## Arithmetic Operators

The `awk` language uses the common arithmetic operators when evaluating expressions. All of these arithmetic operators follow normal precedence rules, and work as you would expect them to.

Here is a file `grades' containing a list of student names and three test scores per student (it's a small class):

```Pat   100 97 58
Sandy  84 72 93
Chris  72 92 89
```

This programs takes the file `grades', and prints the average of the scores.
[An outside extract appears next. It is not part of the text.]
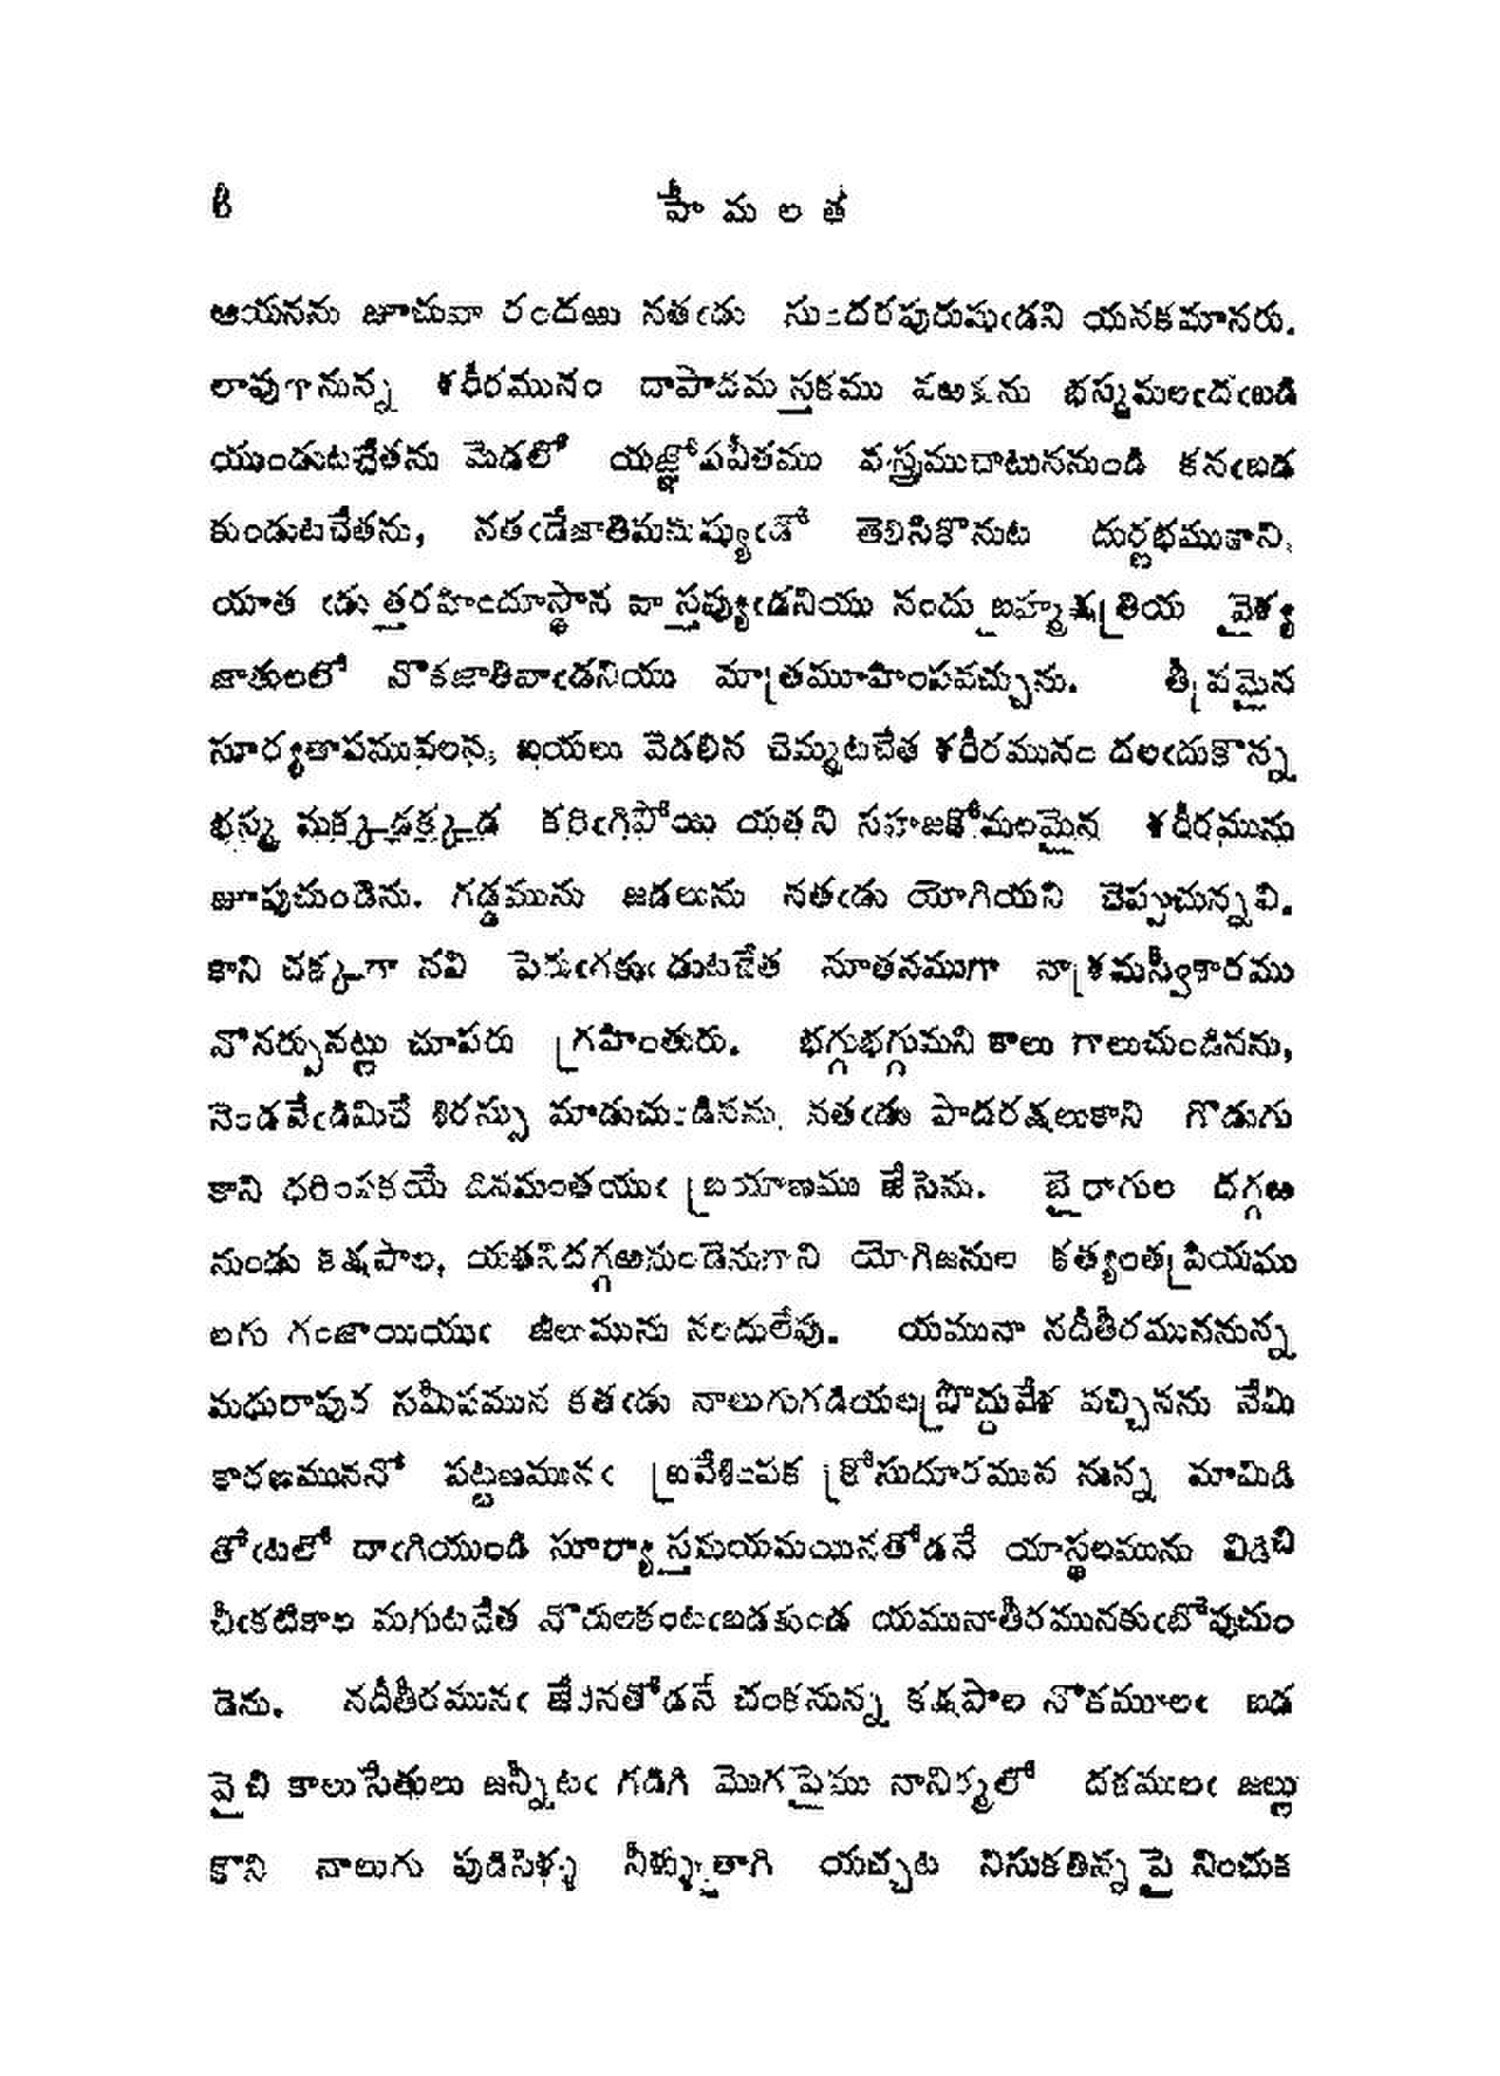ఆయనను జూచువా రందఱు నతఁడు సుదరపురుషుఁడని యనకమానరు. లావుగానున్న శరీరమునం దాపాదమస్తకము వఱకును భస్మమలఁదఁబడి యుండుట చేతను మెడలో యజ్ఞోపవీతము వస్త్రముచాటుననుండి కనఁబడ కుండుటచేతను, నతఁడేజాతిమనుష్యుఁడో తెలిసికొనుట దుర్లభముగాని, యాతఁడు త్తరహిందూస్థాన వాస్తవ్యుఁడనియు నందు బ్రహ్మక్షత్రియ వైశ్య జాతులలో నొకజాతివాఁడనియు మాత్రమూహింపవచ్చును. తీవ్రమైన సూర్యతాపమువలన, బయలు వెడలిన చెమ్మటచేత శరీరమునం దలఁదుకొన్న భస్మ మక్కడక్కడ కరిఁగిపోయి యతని సహజకోమలమైన శరీరమును జూపుచుండెను. గడ్డమును జడలను నతఁడు యోగియని చెప్పుచున్నవి. కాని చక్కగా నవి పెరుఁగకుండుటచేత నూతనముగా నాశ్రమస్వీకారము నొనర్పునట్లు చూపరులు గ్రహింతురు. భగ్గుభగ్గుమని కాలు గాలుచుండినను, నెండవేడిమిచే శిరస్సు మాడుచుండినను, నతఁడు పాదరక్షలుకాని గొడుగు కాని ధరింపకయే దినమంతయుఁ బ్రయాణము జేసెను. బైరాగుల దగ్గఱ నుండు కక్షపాల, యతనిదగ్గఱనుండెనుగాని యోగిజనుల కత్యంత ప్రియము లగు గంజాయియుఁ జిలుమును నందులేవు. యమునా నదీతీరముననున్న మధురాపుర సమీపమున కతఁడు నాలుగుగడియల ప్రొద్దువేళ వచ్చినను నేమి కారణముననో పట్టణమునఁ బ్రవేశింపక క్రోసుదూరమున నున్న మామిడి తోఁటలో దాఁగియుండి సూర్యాస్తమయమయినతోడనే యాస్థలమును విడిచి చీఁకటికాల మగుటచేత నొరులకంటఁబడకుండ యమునాతీరమునకుఁబోవుచుం డెను. నదీతీరమునఁ జేరినతోడనే చంకనున్న కక్షపాల నొకమూలఁ బడ వైచి కాలుసేతులు జన్నీటఁ గడిగి మొగపైము నానిర్మలో దకములఁ జల్లుకొని నాలుగు పుడిసిళ్ళ నీళ్ళుత్రాగి యచ్చట నిసుక తిన్నపై నించుక

```\$ awk '{ sum = \$2 + \$3 + \$4 ; avg = sum / 3
>        print \$1, avg }' grades
-| Pat 85
-| Sandy 83
-| Chris 84.3333
```

This table lists the arithmetic operators in `awk`, in order from highest precedence to lowest:

`- x`
Negation.
`+ x`
Unary plus. The expression is converted to a number.
`x ^ y`
`x ** y`
Exponentiation: x raised to the y power. `2 ^ 3' has the value eight. The character sequence `**' is equivalent to `^'. (The POSIX standard only specifies the use of `^' for exponentiation.)
`x * y`
Multiplication.
`x / y`
Division. Since all numbers in `awk` are real numbers, the result is not rounded to an integer: `3 / 4' has the value 0.75.
`x % y`
Remainder. The quotient is rounded toward zero to an integer, multiplied by y and this result is subtracted from x. This operation is sometimes known as "trunc-mod." The following relation always holds:
```b * int(a / b) + (a % b) == a
```
One possibly undesirable effect of this definition of remainder is that `x % y` is negative if x is negative. Thus,
```-17 % 8 = -1
```
In other `awk` implementations, the signedness of the remainder may be machine dependent.